GOOD MOURNING ALKALINE TRIO VAGRANT/UNIVERSAL
Alkaline has one connotation to most folks: Batteries.
And sure enough, Chicago's Alkaline Trio are a fittingly energized ensemble that cranks out vibrant, high-powered pop-punk tracks charged with punchy beats, hooky melodies, crisp vocal harmonies and plenty of ernest emo sentiment.
But the chemistry majors in the class know alkaline also refers to base elements and compounds -- entities that neutralize acids, but can often be pretty corrosive on their own. Alkaline Trio fit this profile, too. After all, there's no more basic unit in music than the power trio. And you'd have a hard time finding more caustic lyrics than those on their striking fourth album Good Mourning.
Start with the sarcastically titled lead-off track This Could be Love. Carry on through 11 more poisonous tracks laced with nightmares, grief, addiction, anguish, blasphemy, betrayal and death -- usually set to misleadingly dynamic melodies -- and you have one of the most multi-faceted and engaging bands to come down the punk pike in some time.
CLICHE EMOTIONALISM
14 SHADES OF GREY
STAIND; ELEKTRA/WARNER
We all have people like Staind singer Aaron Lewis in our lives. They're the ones who take everything way too seriously. The ones who act like nobody else in the world has ever fallen in love or been dumped. The ones who just can't get over anything -- or over themselves.

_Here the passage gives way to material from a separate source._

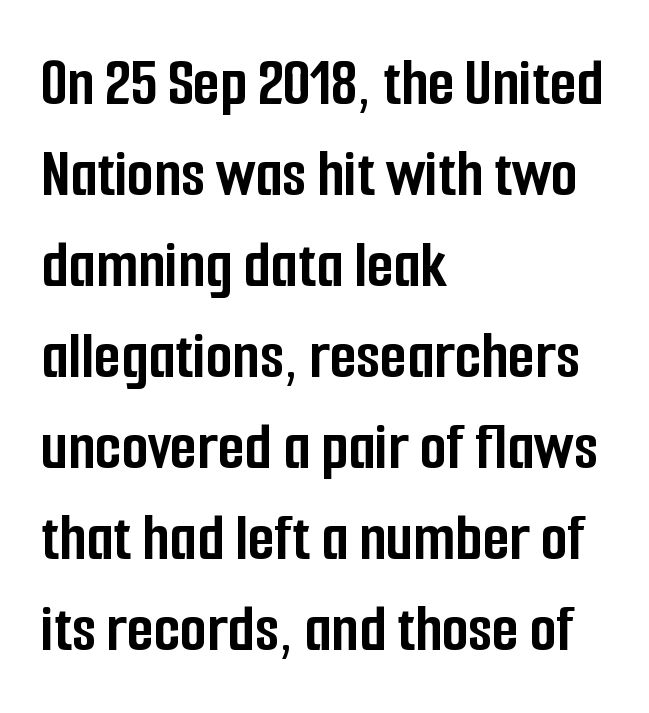
A bare baseline throughout the passage. The letters carry no serifs — their stems end cleanly without finishing strokes. The face used here is proportionally spaced, like ordinary book or web type. Interline gaps are of average width in this sample. Rendered with straight, roman letterforms. The lines are quadded left.

Well, here's an idea. Next time the Aaron Lewises in your life start mewling about their latest trauma, give them Staind's third major-label disc 14 Shades of Grey, an aptly titled set of turgidly cliche, ploddingly earnest grudge-rock emotionalism. Then give them a guitar and urge them to purge their traumas musically, just like Lewis does.
SHADES OF SABBATH
THE BLESSED HELLRIDE
BLACK LABEL SOCIETY; SPITFIRE/EMI
Ozzy Osbourne's guitarist, Zakk Wylde, pays the bills by hauling his trademark bull's-eye Les Paul all over the globe, cranking out Iron Man and Paranoid for arenas of Ozzy fans. Then, between tours, he cranks out solo albums, mostly under the moniker Black Label Society. Blessed Hellride, his latest, delivers everything you would expect: Dark, Sabbath-inspired guitar riffs, manic fret-burning solos, hard-hitting beats, death-obsessed lyrics and vocals that are obviously influenced by Ozzy, but delivered with more aggression (Oz sings on one track). But even if it's unlikely to indoctrinate his detractors, it's equally unlikely to alienate fans.
TURNING UP THE HEAT
DO RABBITS WONDER?
WHIRLWIND HEAT THIRD MAN/V2/BMG
Whirlwind Heat's debut album, Do Rabbits Wonder?, was produced by Jack White, the White Stripes' singer-guitarist. But anyone going in looking for the blooz-rock fuzz of the Stripes will leave disappointed. The Michigan Moog-rock trio (who lifted their name from Sonic Youth's Goo) prefer to take their cues from the jittery, synth-crazed post-punk of the late, great Brainiac. Compensating for the lack of six-string licks with loads of buzzy, revved-up basslines, Whirlwind Heat stack outlandish synth bursts and vocals atop spasmodic grooves to create anxious, off-kilter tunes that move and evolve in fits and starts. The 13 cuts are all named after colours -- Orange, Black, Purple, Tan, etc. -- that have little relation to their content. But despite all this deliberate weirdness, there's no denying they kick more butt than a gang of three-legged bikers.